**TASK TO CARRY OUT:** Word for word, print out all of the data, omitting every image.

**SUPPLIED RECORDS:**

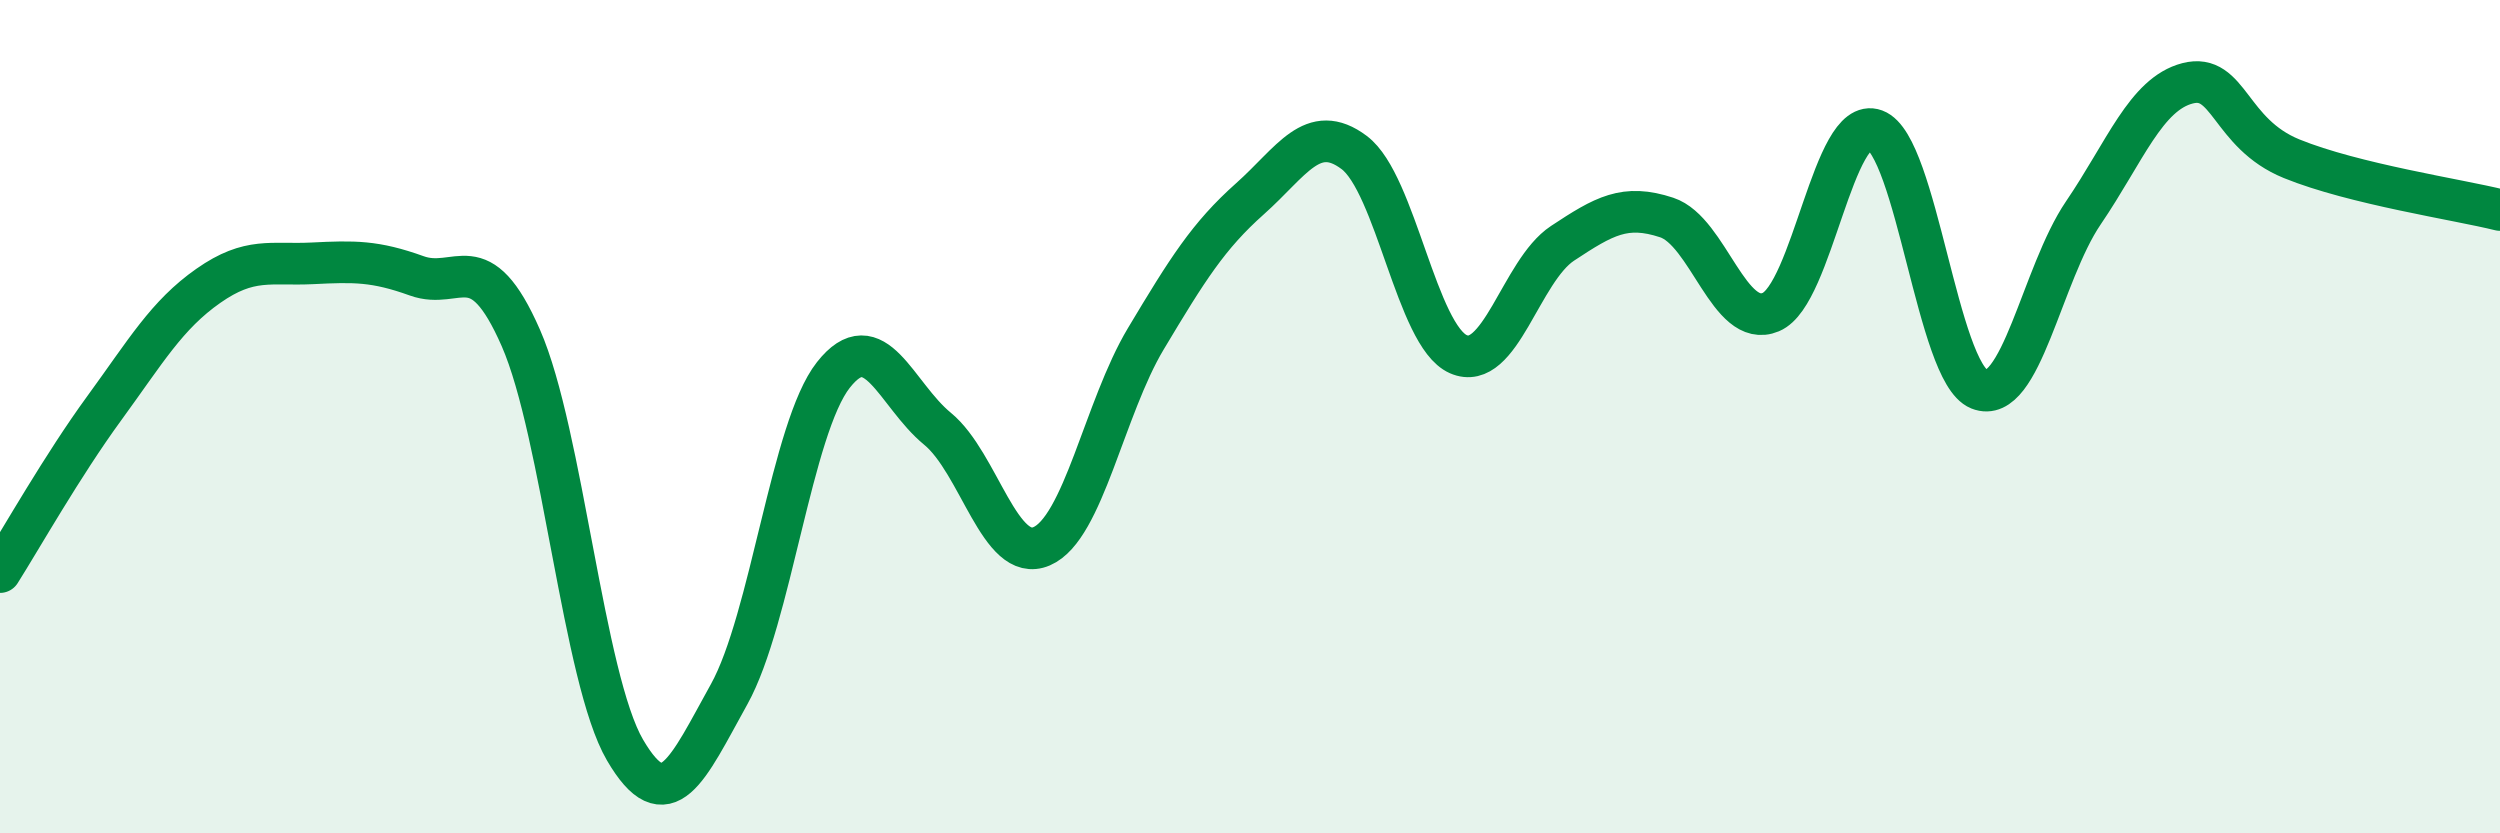 
    <svg width="60" height="20" viewBox="0 0 60 20" xmlns="http://www.w3.org/2000/svg">
      <path
        d="M 0,13.73 C 0.5,12.94 1.5,11.17 2.5,9.8 C 3.5,8.43 4,7.56 5,6.86 C 6,6.16 6.5,6.37 7.5,6.32 C 8.5,6.27 9,6.26 10,6.62 C 11,6.98 11.5,5.83 12.5,8.11 C 13.5,10.39 14,16.29 15,18 C 16,19.71 16.5,18.46 17.5,16.66 C 18.5,14.86 19,10.27 20,9 C 21,7.73 21.5,9.47 22.5,10.29 C 23.5,11.11 24,13.54 25,13.11 C 26,12.68 26.5,9.8 27.5,8.13 C 28.5,6.46 29,5.66 30,4.77 C 31,3.88 31.5,2.91 32.5,3.66 C 33.5,4.41 34,8.06 35,8.5 C 36,8.94 36.5,6.5 37.5,5.84 C 38.5,5.18 39,4.89 40,5.22 C 41,5.55 41.5,7.91 42.5,7.49 C 43.5,7.07 44,2.75 45,3.12 C 46,3.49 46.5,8.94 47.5,9.34 C 48.5,9.74 49,6.58 50,5.11 C 51,3.64 51.5,2.26 52.5,2 C 53.5,1.74 53.5,3.2 55,3.81 C 56.5,4.42 59,4.79 60,5.04L60 20L0 20Z"
        fill="#008740"
        opacity="0.1"
        stroke-linecap="round"
        stroke-linejoin="round"
      />
      <path
        d="M 0,13.73 C 0.5,12.94 1.5,11.17 2.5,9.8 C 3.5,8.43 4,7.56 5,6.86 C 6,6.16 6.5,6.37 7.5,6.32 C 8.5,6.27 9,6.26 10,6.62 C 11,6.98 11.5,5.83 12.5,8.11 C 13.5,10.39 14,16.29 15,18 C 16,19.71 16.5,18.46 17.5,16.66 C 18.5,14.86 19,10.27 20,9 C 21,7.73 21.5,9.47 22.5,10.29 C 23.5,11.11 24,13.54 25,13.11 C 26,12.68 26.5,9.8 27.5,8.13 C 28.5,6.46 29,5.66 30,4.77 C 31,3.88 31.5,2.91 32.5,3.66 C 33.5,4.41 34,8.06 35,8.5 C 36,8.94 36.5,6.5 37.5,5.84 C 38.5,5.18 39,4.89 40,5.22 C 41,5.55 41.5,7.91 42.5,7.49 C 43.5,7.07 44,2.75 45,3.12 C 46,3.49 46.5,8.94 47.5,9.34 C 48.5,9.74 49,6.58 50,5.11 C 51,3.64 51.5,2.26 52.5,2 C 53.5,1.74 53.5,3.2 55,3.81 C 56.5,4.42 59,4.79 60,5.04"
        stroke="#008740"
        stroke-width="1"
        fill="none"
        stroke-linecap="round"
        stroke-linejoin="round"
      />
    </svg>

**PROBLEM SOLUTION:**
    <svg width="60" height="20" viewBox="0 0 60 20" xmlns="http://www.w3.org/2000/svg">
      <path
        d="M 0,13.73 C 0.5,12.94 1.5,11.17 2.5,9.8 C 3.5,8.43 4,7.56 5,6.86 C 6,6.16 6.5,6.37 7.5,6.32 C 8.5,6.27 9,6.26 10,6.62 C 11,6.98 11.5,5.83 12.5,8.11 C 13.5,10.39 14,16.29 15,18 C 16,19.71 16.5,18.46 17.5,16.66 C 18.5,14.86 19,10.27 20,9 C 21,7.73 21.5,9.47 22.5,10.29 C 23.5,11.11 24,13.54 25,13.11 C 26,12.68 26.5,9.8 27.5,8.13 C 28.5,6.46 29,5.66 30,4.77 C 31,3.88 31.5,2.91 32.5,3.66 C 33.5,4.41 34,8.06 35,8.5 C 36,8.94 36.5,6.5 37.5,5.84 C 38.5,5.18 39,4.89 40,5.22 C 41,5.55 41.5,7.91 42.5,7.49 C 43.5,7.07 44,2.75 45,3.12 C 46,3.49 46.5,8.94 47.5,9.34 C 48.5,9.74 49,6.58 50,5.11 C 51,3.64 51.5,2.26 52.5,2 C 53.5,1.74 53.5,3.2 55,3.81 C 56.5,4.42 59,4.79 60,5.04L60 20L0 20Z"
        fill="#008740"
        opacity="0.1"
        stroke-linecap="round"
        stroke-linejoin="round"
      />
      <path
        d="M 0,13.73 C 0.5,12.94 1.5,11.17 2.5,9.8 C 3.5,8.43 4,7.56 5,6.86 C 6,6.16 6.5,6.37 7.5,6.32 C 8.5,6.27 9,6.26 10,6.62 C 11,6.98 11.5,5.83 12.5,8.11 C 13.5,10.39 14,16.29 15,18 C 16,19.71 16.5,18.46 17.5,16.66 C 18.5,14.86 19,10.27 20,9 C 21,7.73 21.5,9.47 22.5,10.29 C 23.5,11.11 24,13.54 25,13.11 C 26,12.68 26.5,9.8 27.5,8.13 C 28.5,6.46 29,5.66 30,4.77 C 31,3.88 31.5,2.91 32.5,3.66 C 33.5,4.41 34,8.06 35,8.5 C 36,8.94 36.5,6.5 37.5,5.84 C 38.5,5.18 39,4.89 40,5.22 C 41,5.55 41.5,7.91 42.5,7.49 C 43.5,7.07 44,2.75 45,3.12 C 46,3.49 46.5,8.94 47.5,9.34 C 48.5,9.74 49,6.58 50,5.11 C 51,3.64 51.5,2.26 52.5,2 C 53.5,1.74 53.5,3.2 55,3.81 C 56.5,4.42 59,4.79 60,5.04"
        stroke="#008740"
        stroke-width="1"
        fill="none"
        stroke-linecap="round"
        stroke-linejoin="round"
      />
    </svg>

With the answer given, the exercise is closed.